A Year In TreblinkaNormanby Press #ad - Despite surviving the horrors of the ghetto at the advanced age of 52, he was sent to a fate worse than death at the notorious death camp at Treblinka, which he immortalized in his memoirs. On his arrival at treblinka aboard the Holocaust train from Warsaw, Wiernik was selected to work rather than be immediately killed.
Wiernik’s first job with the Sonderkommando required him to drag corpses from the gas chambers to mass graves. An inmate who escaped tells the day-To-Day Facts Of One Year Of His Torturous Experiences. Jankiel wiernik was a jewish property manager in Warsaw when the Nazis invaded Poland and was forced into the ghetto in 1940
A Year In Treblinka #ad - He later wrote in his book: “it often happened that an arm or a leg fell off when we tied straps around them in order to drag the bodies away. He remembered the horrors of the enormous pyres, 000 to 12, where “10, 000 corpses were cremated at one time. He wrote: “the bodies of women were used for kindling” while Germans “toasted the scene with brandy and with the choicest liqueurs, ate, caroused and had a great time warming themselves by the fire.

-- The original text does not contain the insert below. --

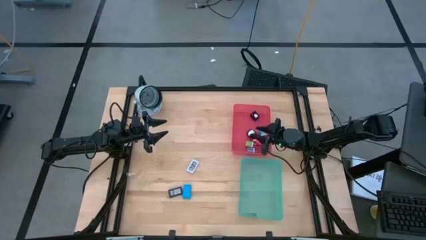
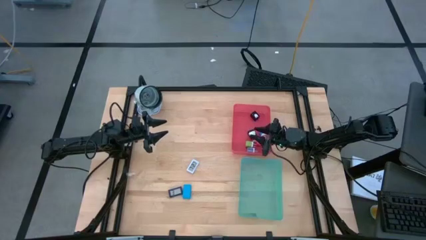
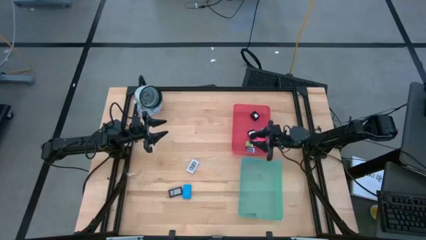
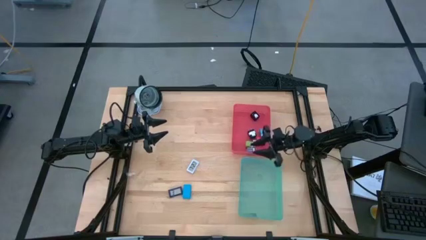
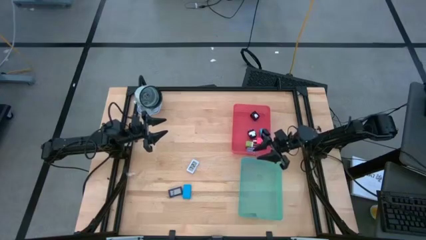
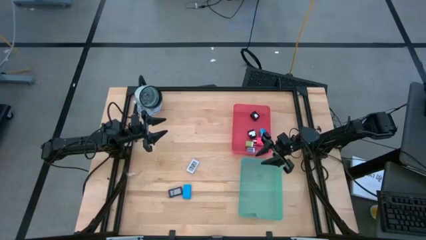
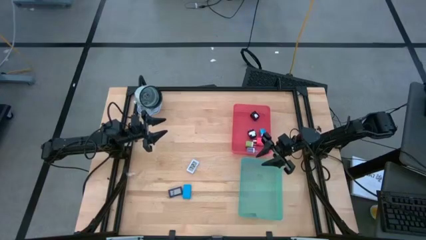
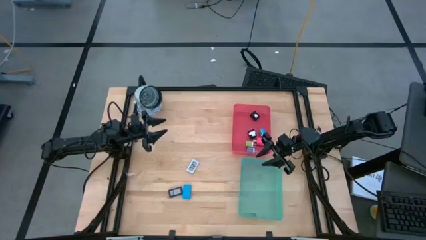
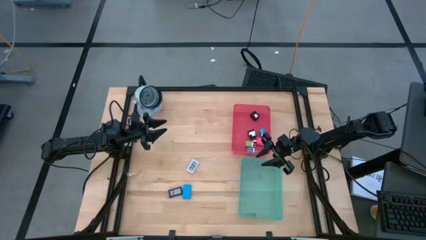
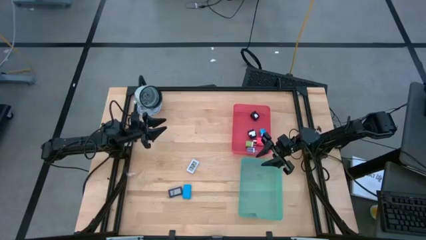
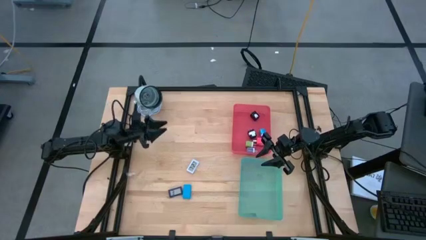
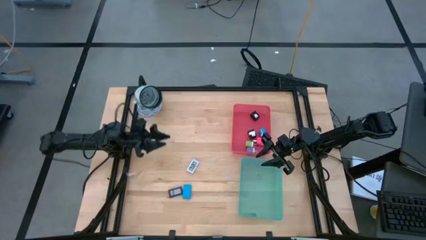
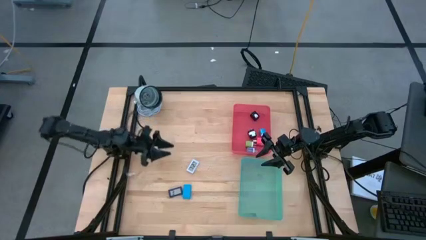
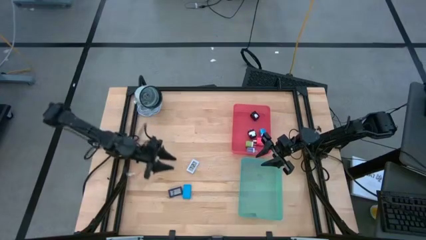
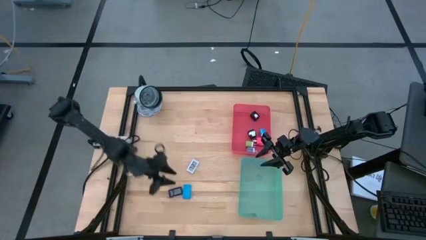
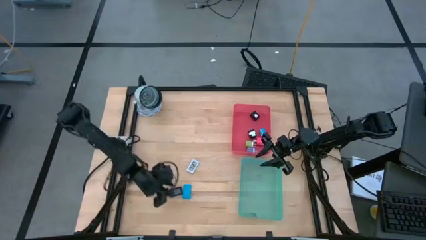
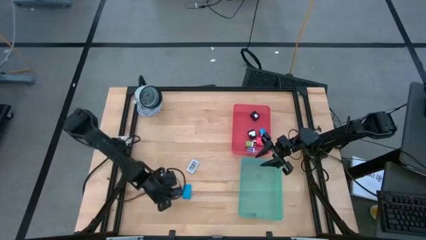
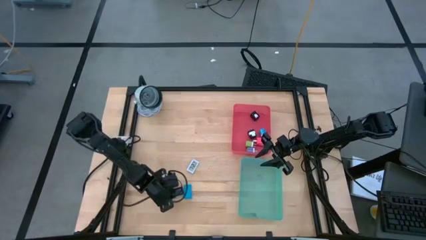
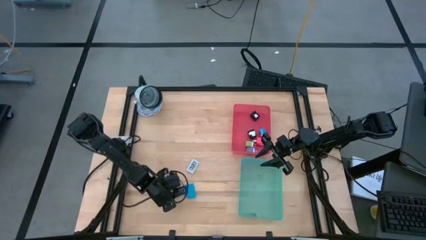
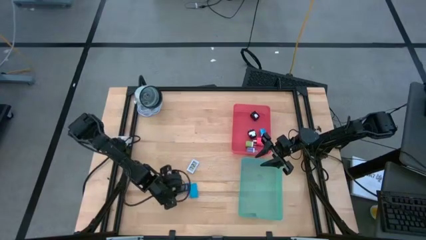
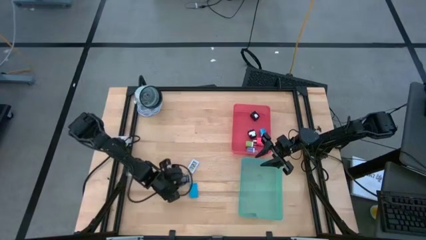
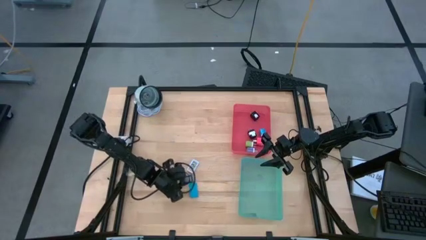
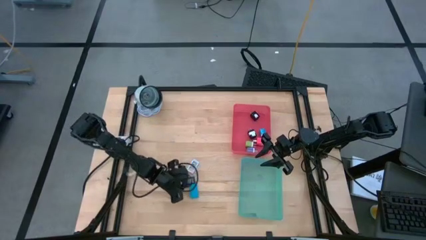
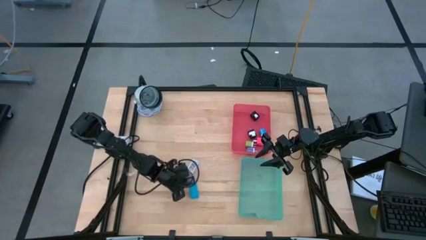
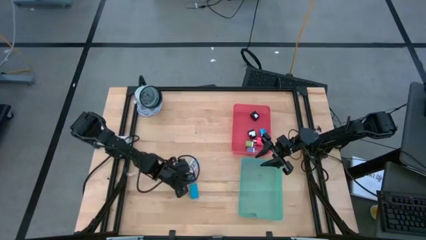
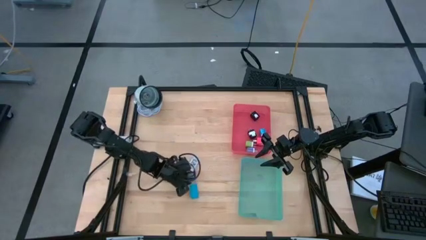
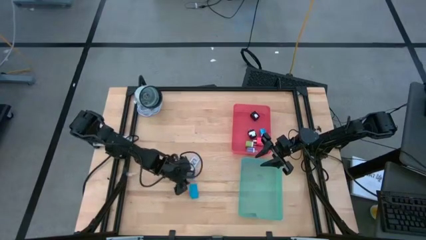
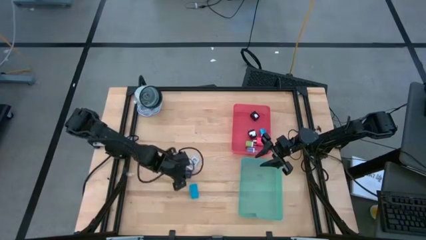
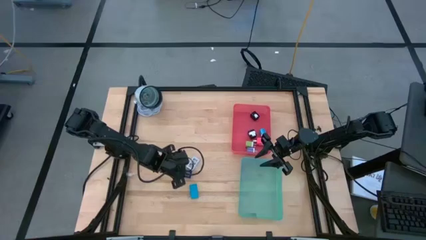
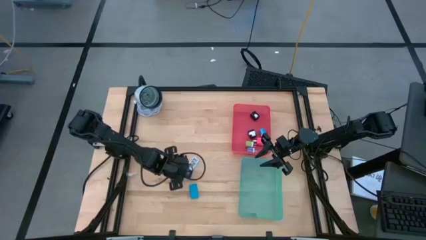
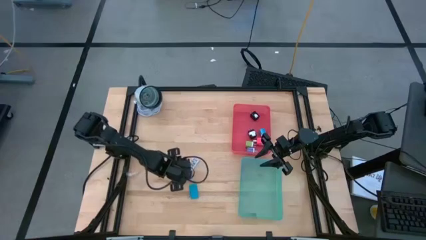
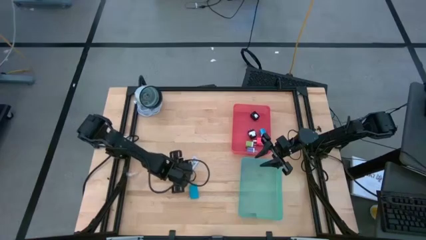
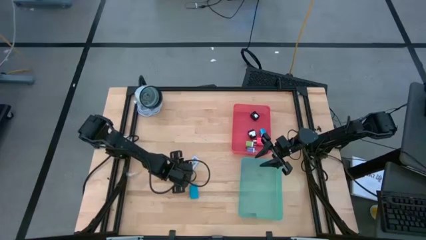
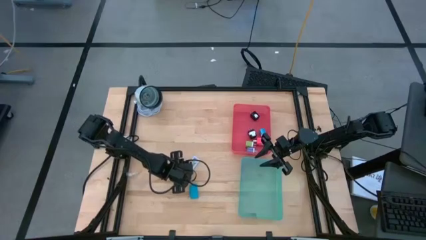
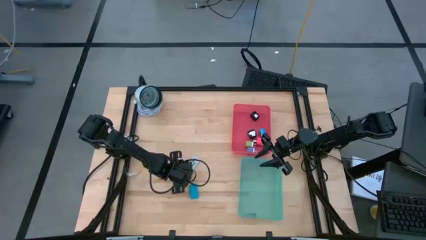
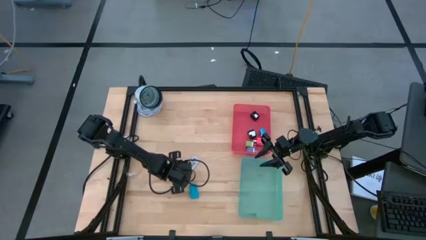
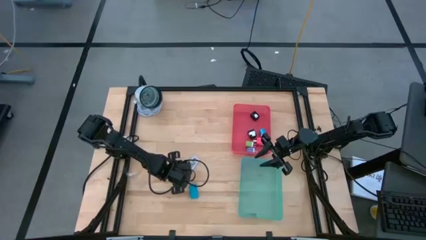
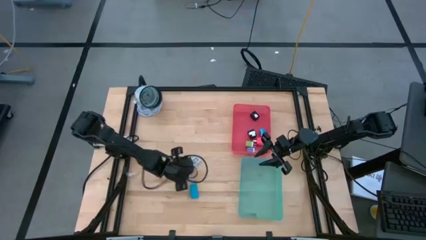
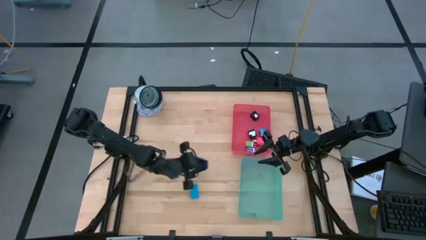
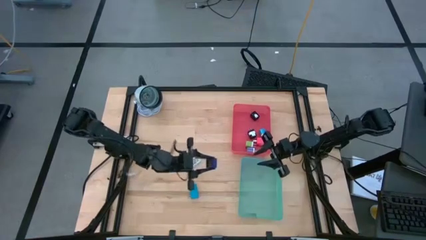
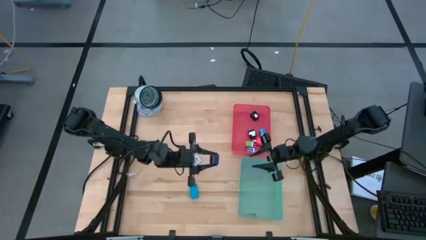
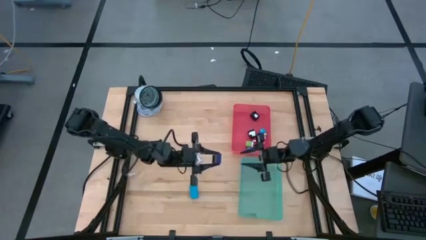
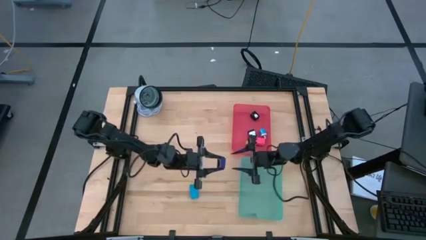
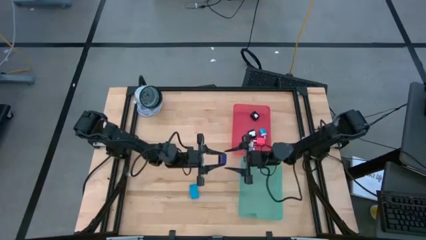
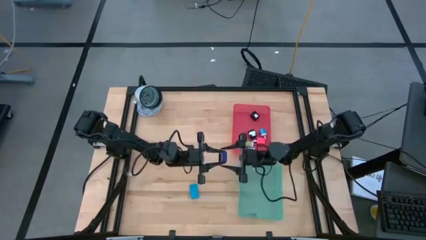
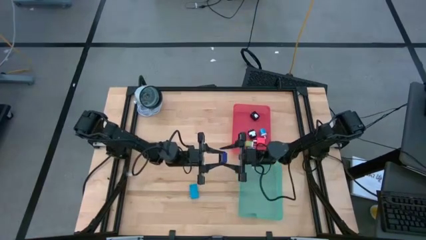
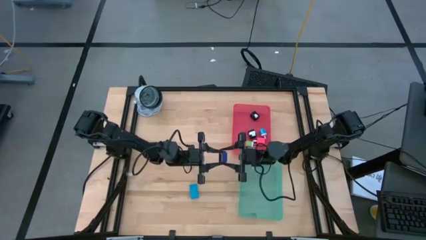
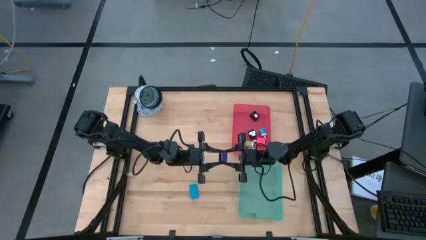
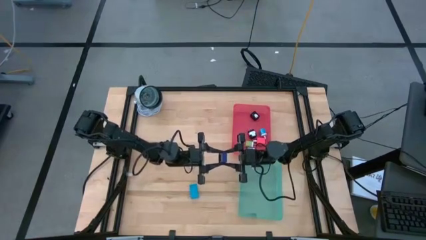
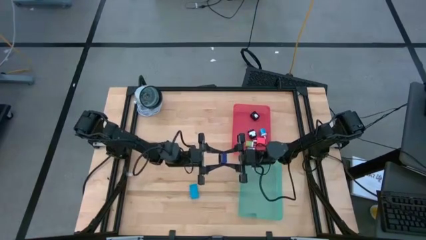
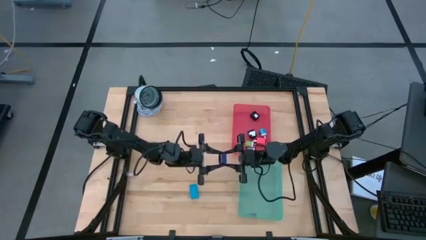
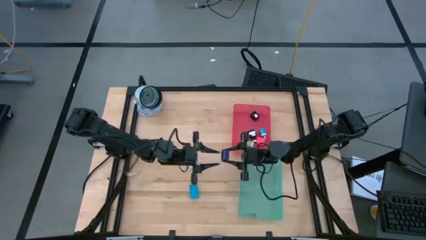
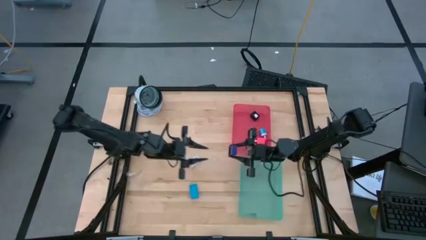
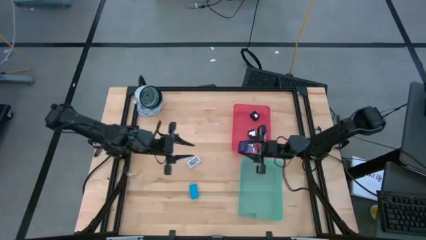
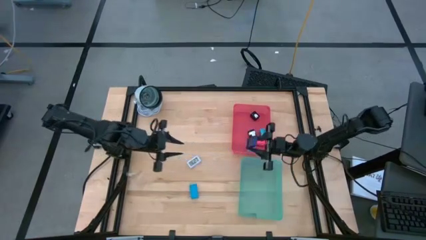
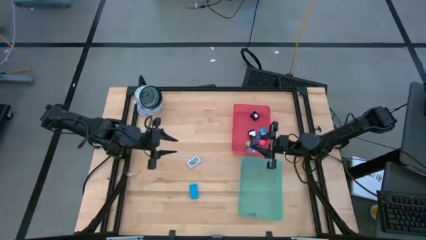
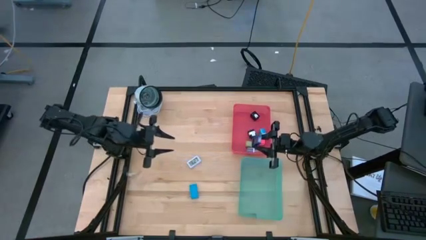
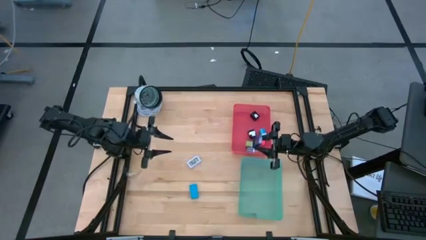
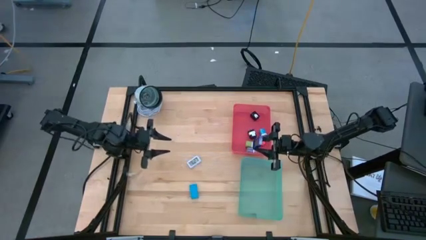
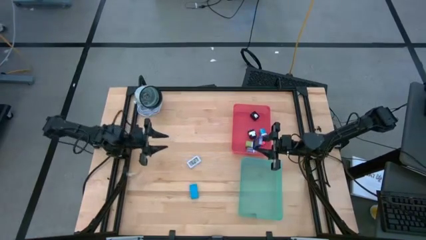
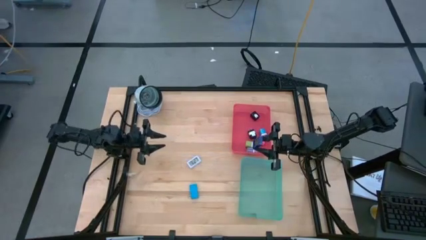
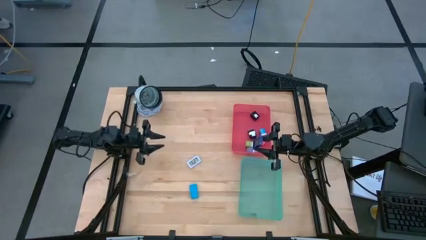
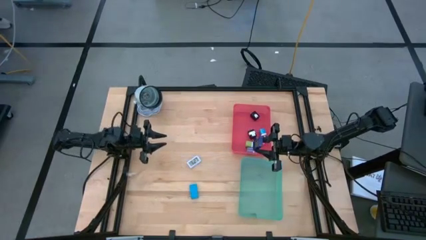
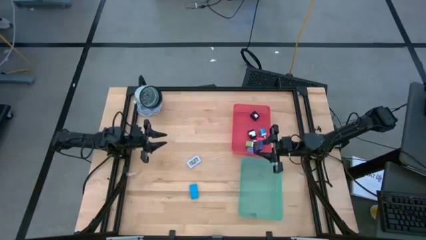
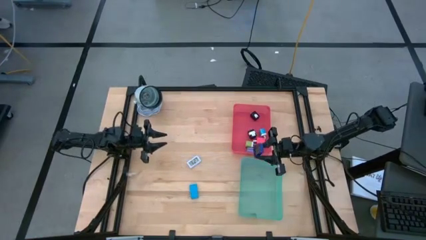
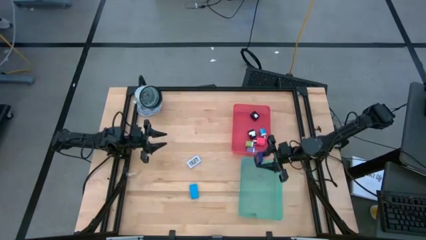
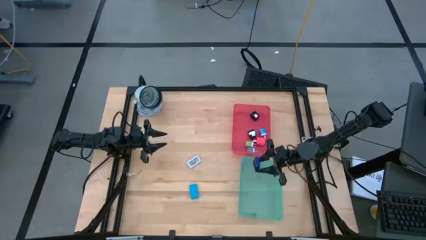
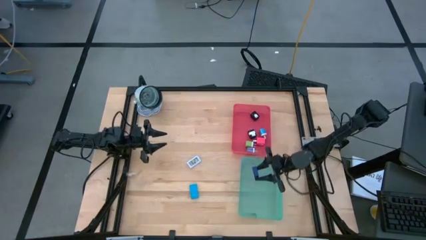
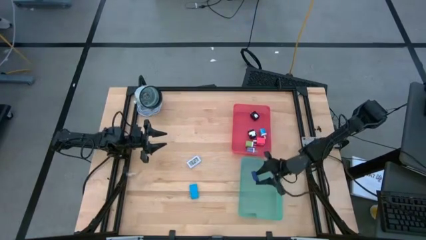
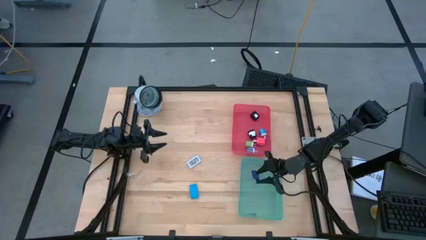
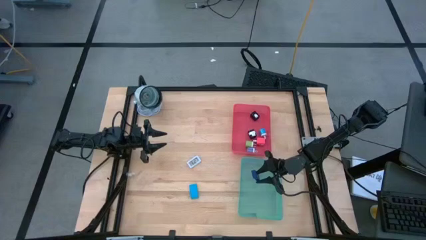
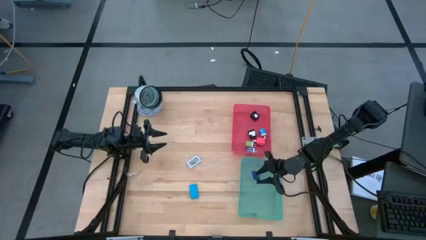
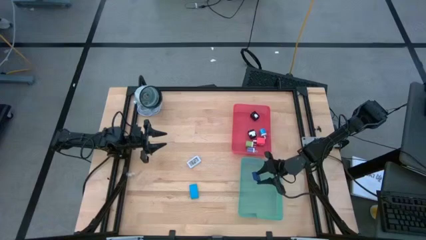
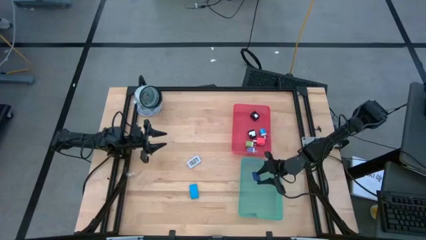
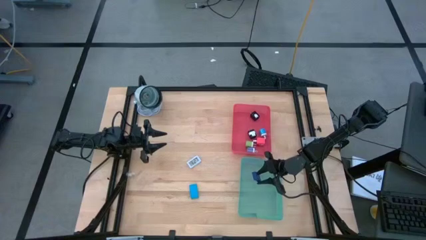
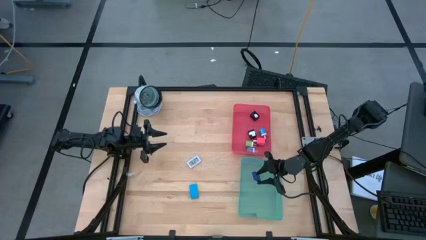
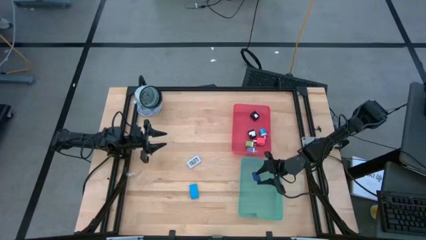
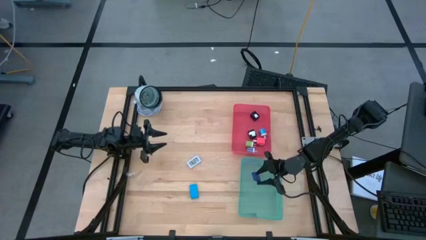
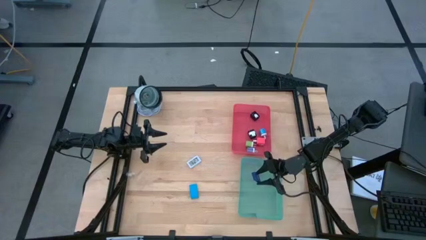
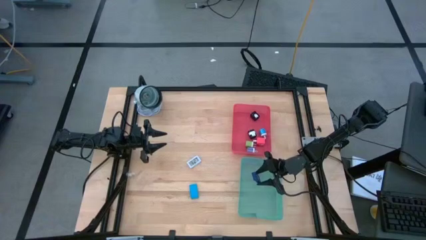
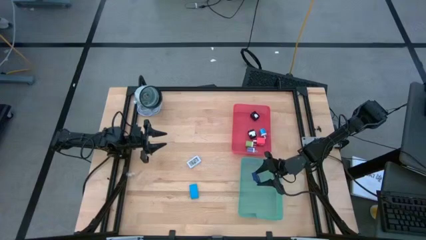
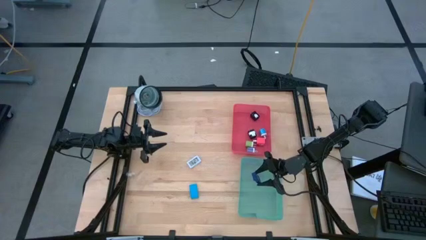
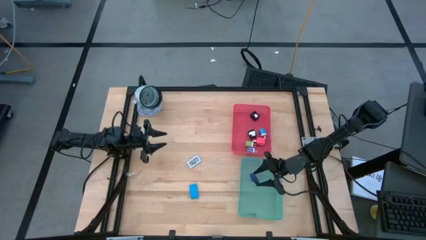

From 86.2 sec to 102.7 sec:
Task: Pick & Place Office items
Put the dark blue digital clock into the green bin

Wiernik described small children awaiting so long in the cold for their turn in the gas chambers that “their feet froze and stuck to the icy ground” and noted one guard who would “frequently snatch a child from the woman’s arms and either tear the child in half or grab it by the legs, smash its head against a wall and throw the body away.
At other times “children were snatched from their mothers’ arms and tossed into the flames alive. Wiernik escaped treblinka during the revolt of the prisoners on “a sizzling hot day” of August 2, 1943. Wienik was traumatized by his experiences.